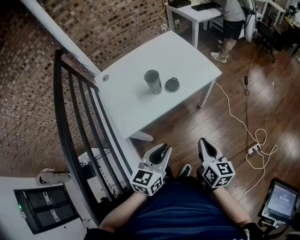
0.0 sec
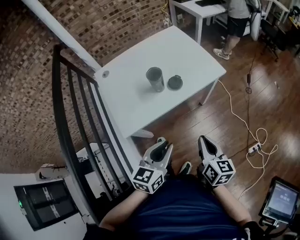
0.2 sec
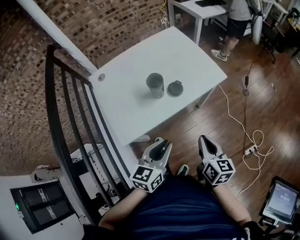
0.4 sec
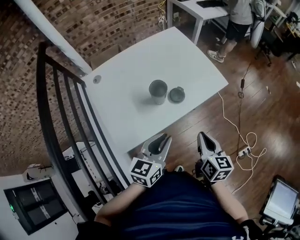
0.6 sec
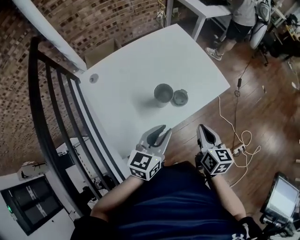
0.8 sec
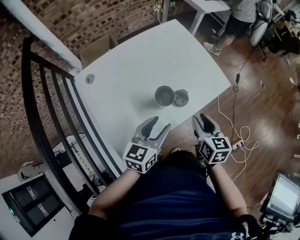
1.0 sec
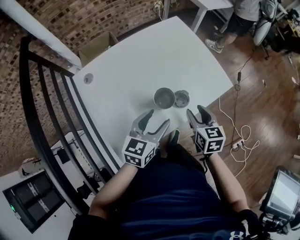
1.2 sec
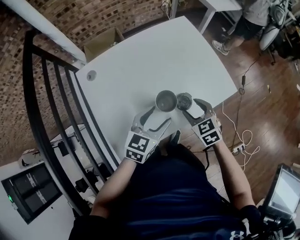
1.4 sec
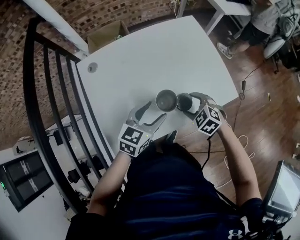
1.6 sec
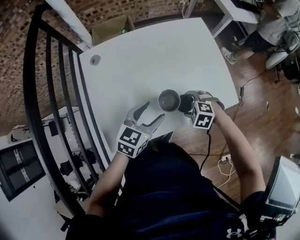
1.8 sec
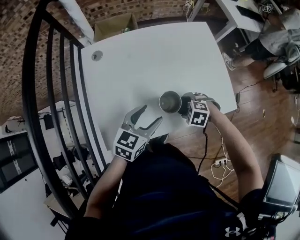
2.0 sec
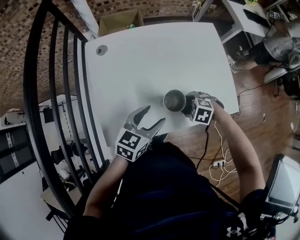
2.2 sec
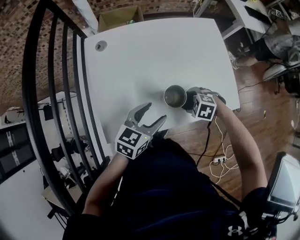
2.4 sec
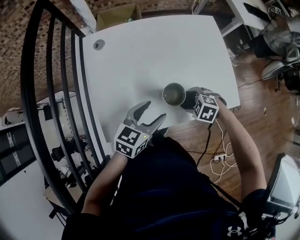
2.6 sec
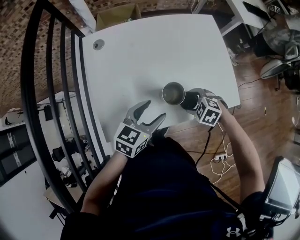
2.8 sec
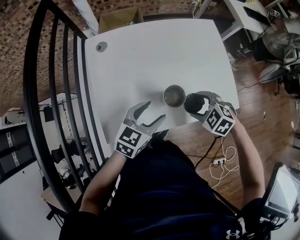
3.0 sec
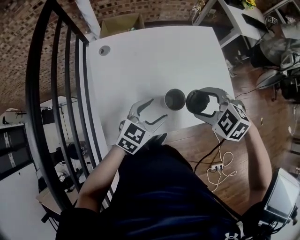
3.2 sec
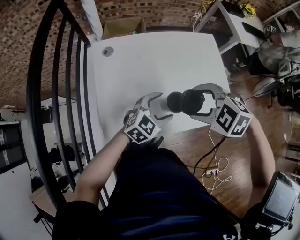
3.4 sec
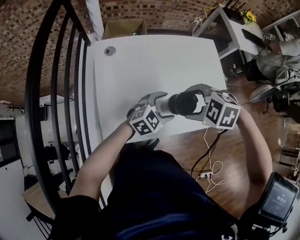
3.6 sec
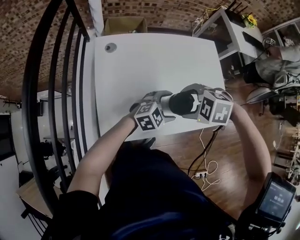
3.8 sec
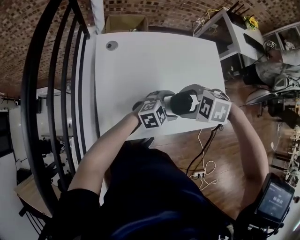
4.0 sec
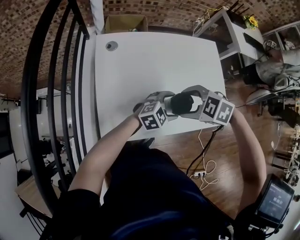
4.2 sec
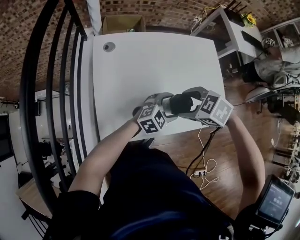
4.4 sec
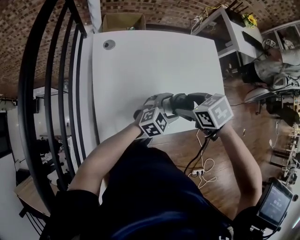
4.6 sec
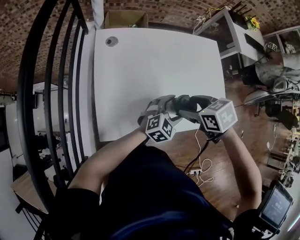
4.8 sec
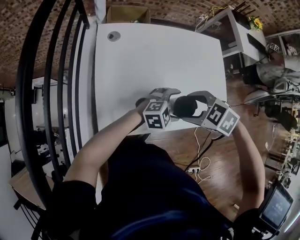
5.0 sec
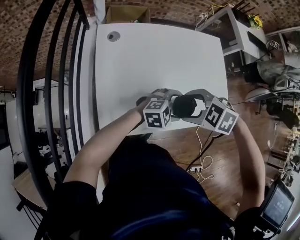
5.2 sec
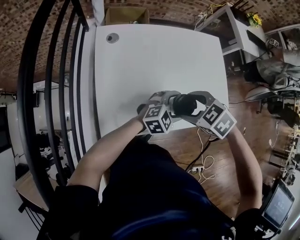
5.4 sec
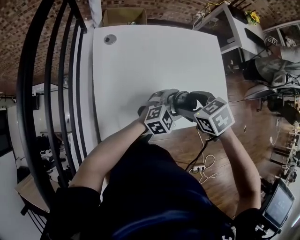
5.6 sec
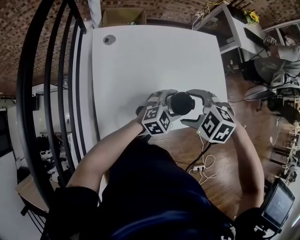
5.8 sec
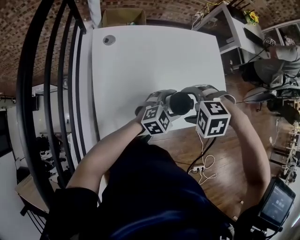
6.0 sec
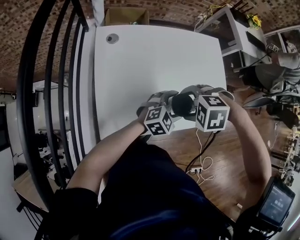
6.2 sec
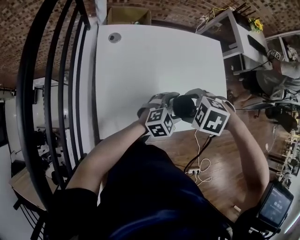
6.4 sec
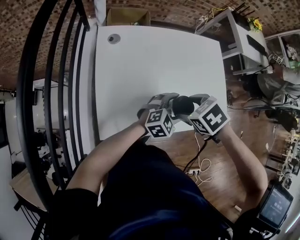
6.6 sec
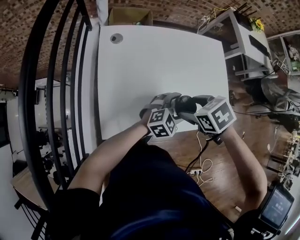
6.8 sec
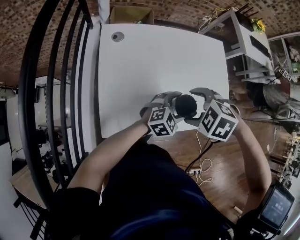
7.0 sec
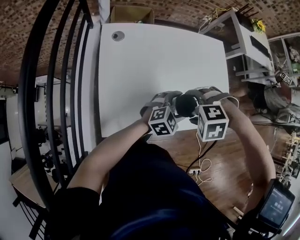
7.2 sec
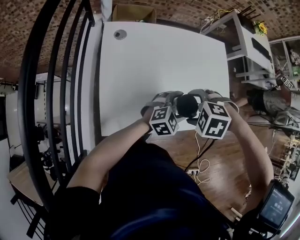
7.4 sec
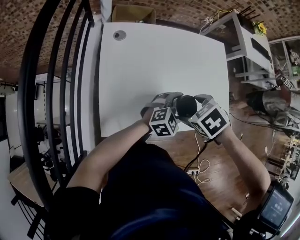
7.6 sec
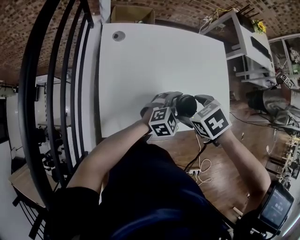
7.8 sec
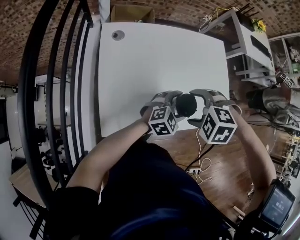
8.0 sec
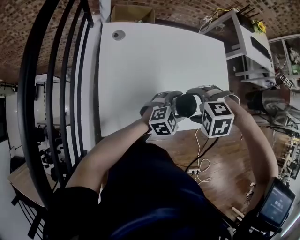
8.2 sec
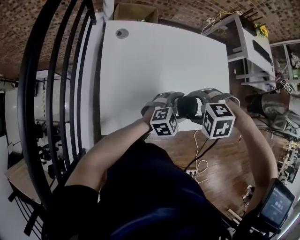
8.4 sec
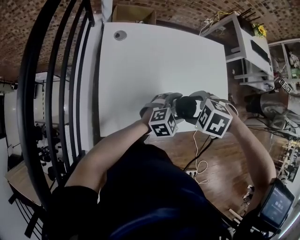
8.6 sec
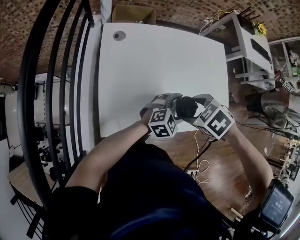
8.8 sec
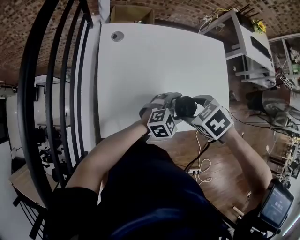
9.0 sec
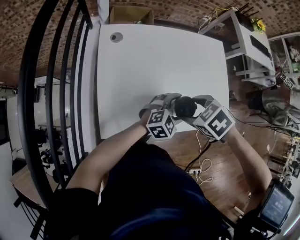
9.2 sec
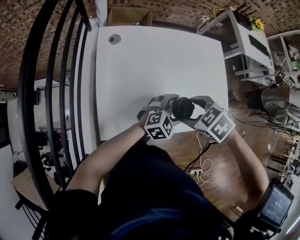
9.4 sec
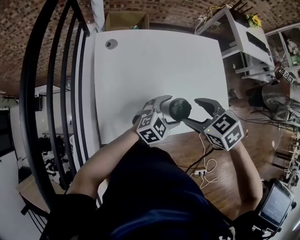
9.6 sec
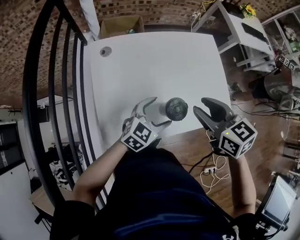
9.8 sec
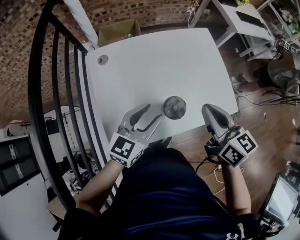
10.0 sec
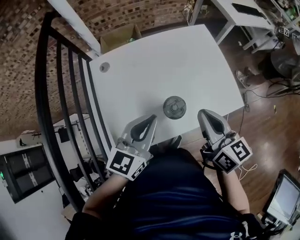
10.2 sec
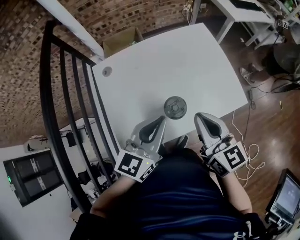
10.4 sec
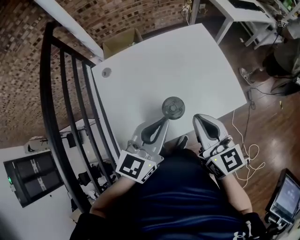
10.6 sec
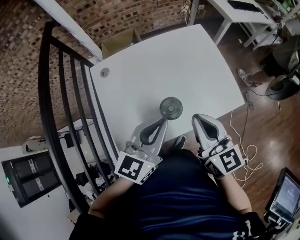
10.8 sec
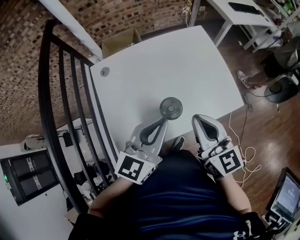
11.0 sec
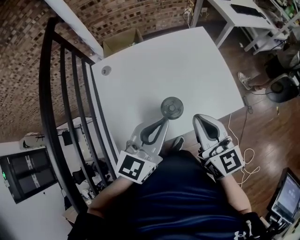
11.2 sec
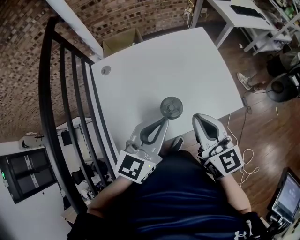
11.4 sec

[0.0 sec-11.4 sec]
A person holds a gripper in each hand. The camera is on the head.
0.0 sec to 1.4 sec: The grippers both shift forward and to the left by some 35 cm. The left gripper opens its fingers; the right gripper twists roughly 50 degrees counterclockwise, seen from behind, and opens its fingers.
1.4 sec to 2.8 sec: The right gripper moves downward, some 10 cm, and swivels roughly 60 degrees.
2.8 sec to 4.2 sec: The right gripper travels upward by roughly 15 cm. Meanwhile the left gripper moves about 10 cm, and swivels roughly 40 degrees.
4.2 sec to 5.6 sec: The right gripper swivels some 40 degrees.
5.6 sec to 7.2 sec: The right gripper rotates around the line of its fingers by approximately 60 degrees, counterclockwise from behind.
7.2 sec to 8.6 sec: The right gripper rotates some 20 degrees.
8.6 sec to 10.0 sec: The right gripper goes about 10 cm upward, tilts its fingers some 70 degrees upward, and closes up, while the left gripper ends up approximately 15 cm from where it was, turns by some 30 degrees, and closes its fingers.
10.0 sec to 11.4 sec: The left gripper goes about 5 cm upward, and closes.

• _DESCRIPTION OF THE TASK_: Retype the data above verbatim, minus images.

• _ANSWER SECTION_:
0.0 sec
0.2 sec
0.4 sec
0.6 sec
0.8 sec
1.0 sec
1.2 sec
1.4 sec
1.6 sec
1.8 sec
2.0 sec
2.2 sec
2.4 sec
2.6 sec
2.8 sec
3.0 sec
3.2 sec
3.4 sec
3.6 sec
3.8 sec
4.0 sec
4.2 sec
4.4 sec
4.6 sec
4.8 sec
5.0 sec
5.2 sec
5.4 sec
5.6 sec
5.8 sec
6.0 sec
6.2 sec
6.4 sec
6.6 sec
6.8 sec
7.0 sec
7.2 sec
7.4 sec
7.6 sec
7.8 sec
8.0 sec
8.2 sec
8.4 sec
8.6 sec
8.8 sec
9.0 sec
9.2 sec
9.4 sec
9.6 sec
9.8 sec
10.0 sec
10.2 sec
10.4 sec
10.6 sec
10.8 sec
11.0 sec
11.2 sec
11.4 sec

[0.0 sec-11.4 sec]
A person holds a gripper in each hand. The camera is on the head.
0.0 sec to 1.4 sec: The grippers both shift forward and to the left by some 35 cm. The left gripper opens its fingers; the right gripper twists roughly 50 degrees counterclockwise, seen from behind, and opens its fingers.
1.4 sec to 2.8 sec: The right gripper moves downward, some 10 cm, and swivels roughly 60 degrees.
2.8 sec to 4.2 sec: The right gripper travels upward by roughly 15 cm. Meanwhile the left gripper moves about 10 cm, and swivels roughly 40 degrees.
4.2 sec to 5.6 sec: The right gripper swivels some 40 degrees.
5.6 sec to 7.2 sec: The right gripper rotates around the line of its fingers by approximately 60 degrees, counterclockwise from behind.
7.2 sec to 8.6 sec: The right gripper rotates some 20 degrees.
8.6 sec to 10.0 sec: The right gripper goes about 10 cm upward, tilts its fingers some 70 degrees upward, and closes up, while the left gripper ends up approximately 15 cm from where it was, turns by some 30 degrees, and closes its fingers.
10.0 sec to 11.4 sec: The left gripper goes about 5 cm upward, and closes.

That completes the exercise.